If I had to file a complaint about the CZ 550 American, it would be in the size of the stock. Simply put, it’s huge.
Now, when it comes to a hard-recoiling rifle, I’d certainly want a stock that’s too thick than one that is under-built and would risk a break or crack at the most inopportune time, but I firmly believe the CZ 550 would balance and carry much better if the stock were put on a diet.
It feels, well, swollen, for lack of a better term. It feels a bit thick through the wrist and pistol grip, and is certainly bigger than any of the other safari guns I’ve spent time with. Again, mechanically this poses no problem.

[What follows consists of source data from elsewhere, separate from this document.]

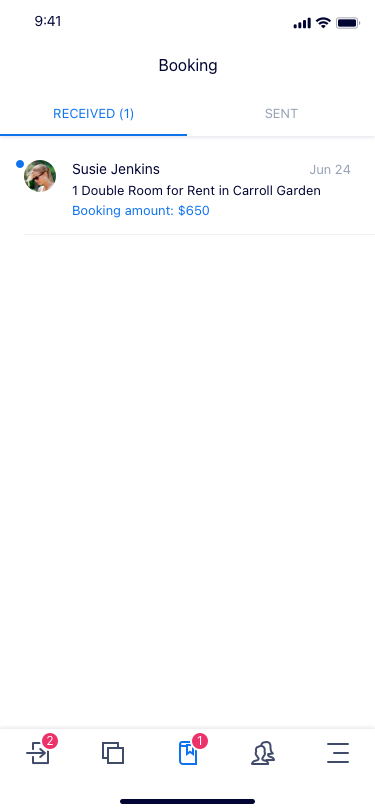
Text in this UI design:
Susie Jenkins
1 Double Room for Rent in Carroll Garden
Booking amount: $650
Jun 24
Sent
Received (1)
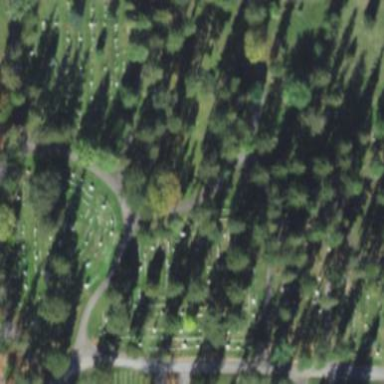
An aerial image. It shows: Historical memorial located in graveyard.
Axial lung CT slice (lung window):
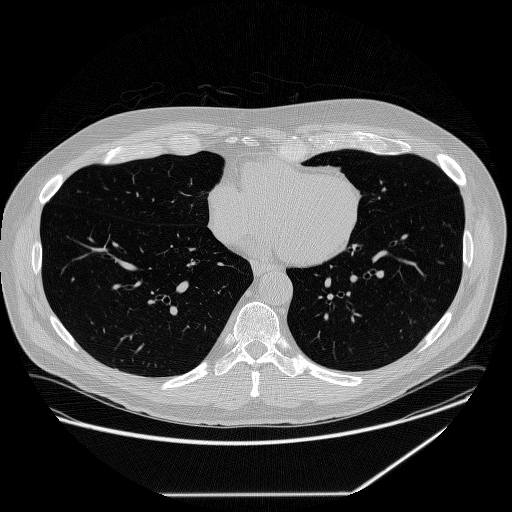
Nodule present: no
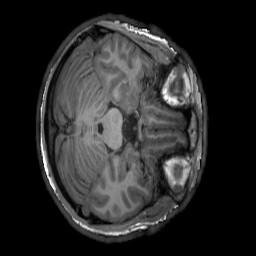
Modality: T1w
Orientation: axial
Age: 28
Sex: male
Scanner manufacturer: siemens
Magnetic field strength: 3 T
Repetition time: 2.3 s
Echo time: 0.00232 s
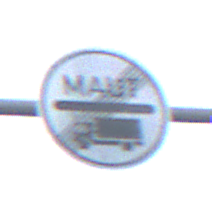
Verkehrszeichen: EndeMautpflicht
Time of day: SunriseSunset
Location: Outdoor (Nature)
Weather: PartlyCloudy
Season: NotSpecified
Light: Natural
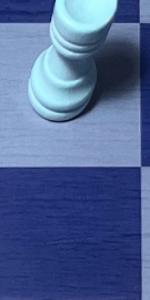
Label: Empty
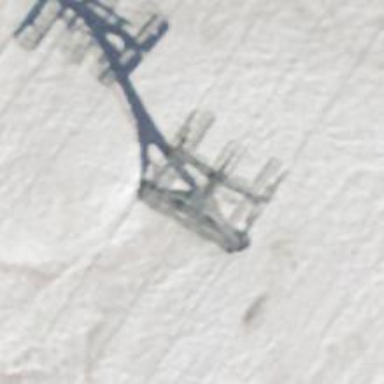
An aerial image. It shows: Pylon for aerialway.
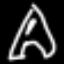
Label: The Eiffel Tower
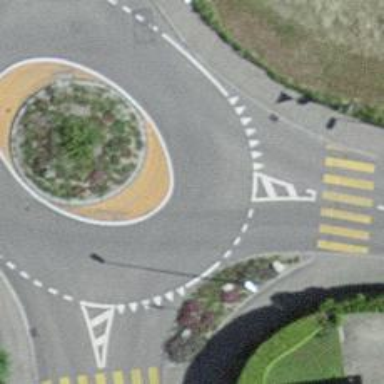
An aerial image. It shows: Residential road that intersects with roundabout.
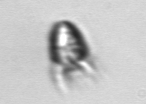
Label: Ciliophora
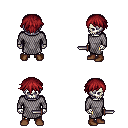
a pixel art fantasy rpg character, male body template, skeleton, chain mail, gold greaves, brunette short bangs hairstyle, brown shoes, dagger, four views (front, back, left, right), 2x2 character sprite sheet, small pixel art, hard edges, no anti-aliasing

I usually like things over designed, but in comparison to other stock designs, it’s definitely shopping in the plus-sized department.
I suspect the stocks for the whole line are cut to the same dimensions, so on a .375 H&H it would feel large. That said, the overall shape of the stock, if chunky, is good, and helps to keep recoil to a minimum.

Mounts

The CZ 550 action uses an integral scope base cut into the receiver. This is good, as less moving parts equals less opportunity for something to shoot loose or for a screw to be sheared off. For my dangerous game guns, I like Talley rings. They have tight tolerances, and when they machine apart, they machine it right.

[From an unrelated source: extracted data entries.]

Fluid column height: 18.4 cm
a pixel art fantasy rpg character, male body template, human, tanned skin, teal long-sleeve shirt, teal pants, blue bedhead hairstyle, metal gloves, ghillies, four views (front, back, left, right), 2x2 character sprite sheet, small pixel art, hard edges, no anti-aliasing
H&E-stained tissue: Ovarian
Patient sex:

I’ve yet to need to lap their rings.  The detachable models, as I installed on the CZ 550, return to zero each and every time. I’ve used them on rifles as big as the .500 Jeffery and .505 Gibbs and they’ve yet to fail in any aspect. In those Talley rings, I mounted a Riton 1-5x24mm riflescope, with a 30mm tube and an illuminated reticle.

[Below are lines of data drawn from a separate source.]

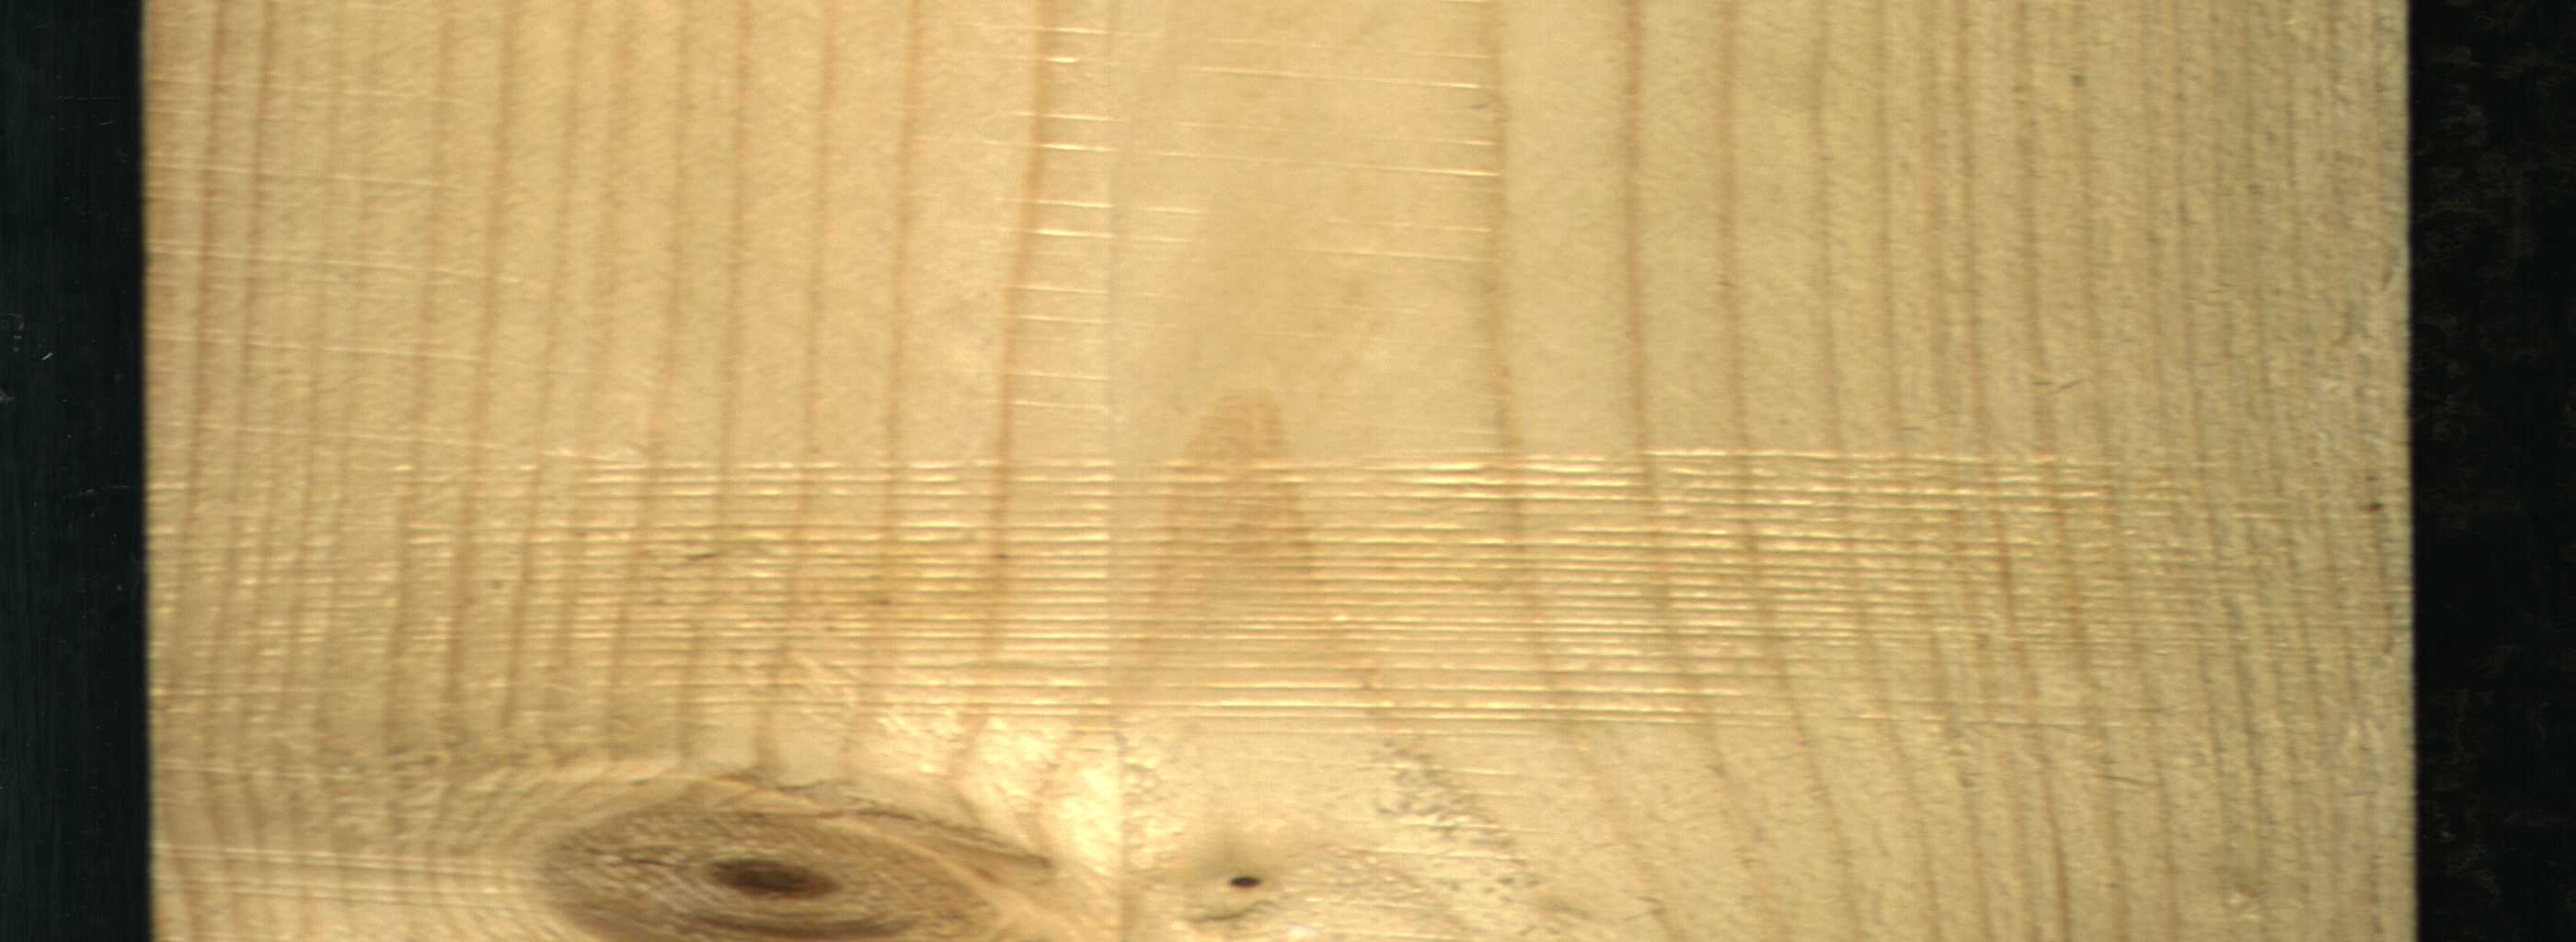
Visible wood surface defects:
Dead_Knot
Live_Knot
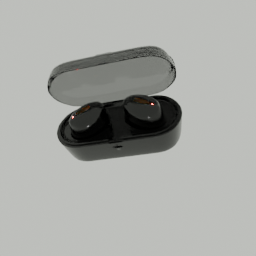
Label: electronics
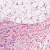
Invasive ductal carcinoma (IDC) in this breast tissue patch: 1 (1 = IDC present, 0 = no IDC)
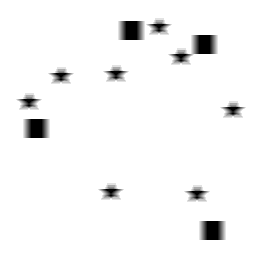
Squares: 4
Triangles: 0
Stars: 8
Total shapes: 12
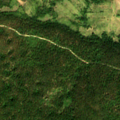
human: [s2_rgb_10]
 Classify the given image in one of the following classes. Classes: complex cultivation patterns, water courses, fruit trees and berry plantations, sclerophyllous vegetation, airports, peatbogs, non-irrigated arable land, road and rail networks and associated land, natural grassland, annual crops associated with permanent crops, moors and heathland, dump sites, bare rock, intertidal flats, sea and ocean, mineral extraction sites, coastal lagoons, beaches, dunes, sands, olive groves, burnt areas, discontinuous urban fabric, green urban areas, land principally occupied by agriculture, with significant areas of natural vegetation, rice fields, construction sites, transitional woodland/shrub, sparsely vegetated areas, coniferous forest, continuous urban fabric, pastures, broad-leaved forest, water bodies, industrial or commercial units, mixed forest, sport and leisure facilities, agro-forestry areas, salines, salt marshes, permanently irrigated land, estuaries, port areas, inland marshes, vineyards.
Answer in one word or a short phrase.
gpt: pastures, broad-leaved forest
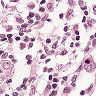
Metastatic tissue present: no
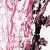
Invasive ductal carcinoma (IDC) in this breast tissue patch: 0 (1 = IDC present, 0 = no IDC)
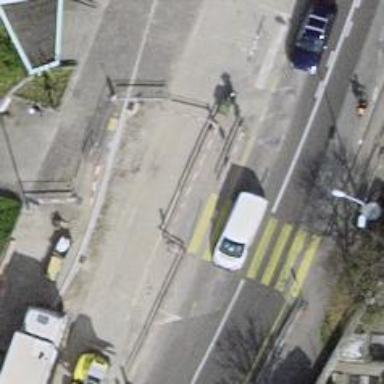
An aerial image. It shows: Secondary asphalt road with cycle track on the left.
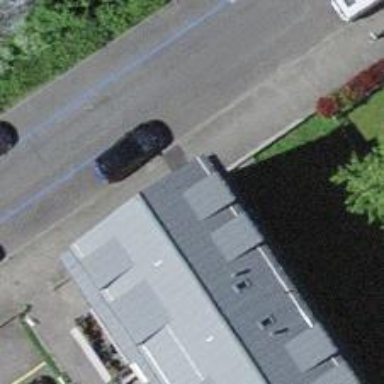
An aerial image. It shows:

Now Riton isn’t exactly a household name, but I’ve seen their scopes around. I was as eager to test their glass. I’m usually not much of an illuminated reticle guy, but considering the caliber and the possible uses of this firearm – Cape buffalo, which are a black target in the shadows, or perhaps a leopard at last light, or even black bear – I thought it’d be fitting.

Off to the Bench

The .375 H&H Magnum has the reputation it does for very good reasons. It is, in the opinion of this author, the single most useful cartridge ever developed. It was designed to use bullets weighing between 235 grains and 300 grains, all at respectable velocities. With a good spitzer bullet, the .375 H&H will mimic the trajectory curve of the .30-’06 out to any sane hunting range.
It will do so with considerably more horsepower. Modern bullet developments have done nothing but augment the capabilities of the cartridge, including monometal designs, and commercial heavyweight offerings up to 350 grains. I grabbed a pretty diverse selection of factory ammunition for testing, wired up the ol’ Oehler 35P, and headed to work.
For testing, I chose the Nosler Custom with 260-grain AccuBonds, the Federal Cape Shok Premium Safari with 300-grain Trophy Bonded Bear Claws, Norma American PH with the 300-grain Oryx bullets, and the Norma African PH ammunition with 350-grain Woodleigh soft points and full metal jacket bullets.
This covers a pretty broad spectrum of hunting situations, from plains game, elk or moose out to 300 yards. It could go even more with the 260s, general hunting with a .375 with the 300 grainers. The pair of Woodleighs would be absolutely perfect for hippo, buffalo and elephant. Well, it turns out this CZ 550 is a shooter.
First, all the ammunition both fed and extracted perfectly, a very important point for a dangerous game rifle. Even unfired ammunition cycled out of the rifle without issue, which is something all hunters should check in their rifle, should you have a misfire that needs to be cleared quickly. Recoil was more than manageable, and I’ll attribute that to a rifle on the heavier side of average and a well-proportioned stock.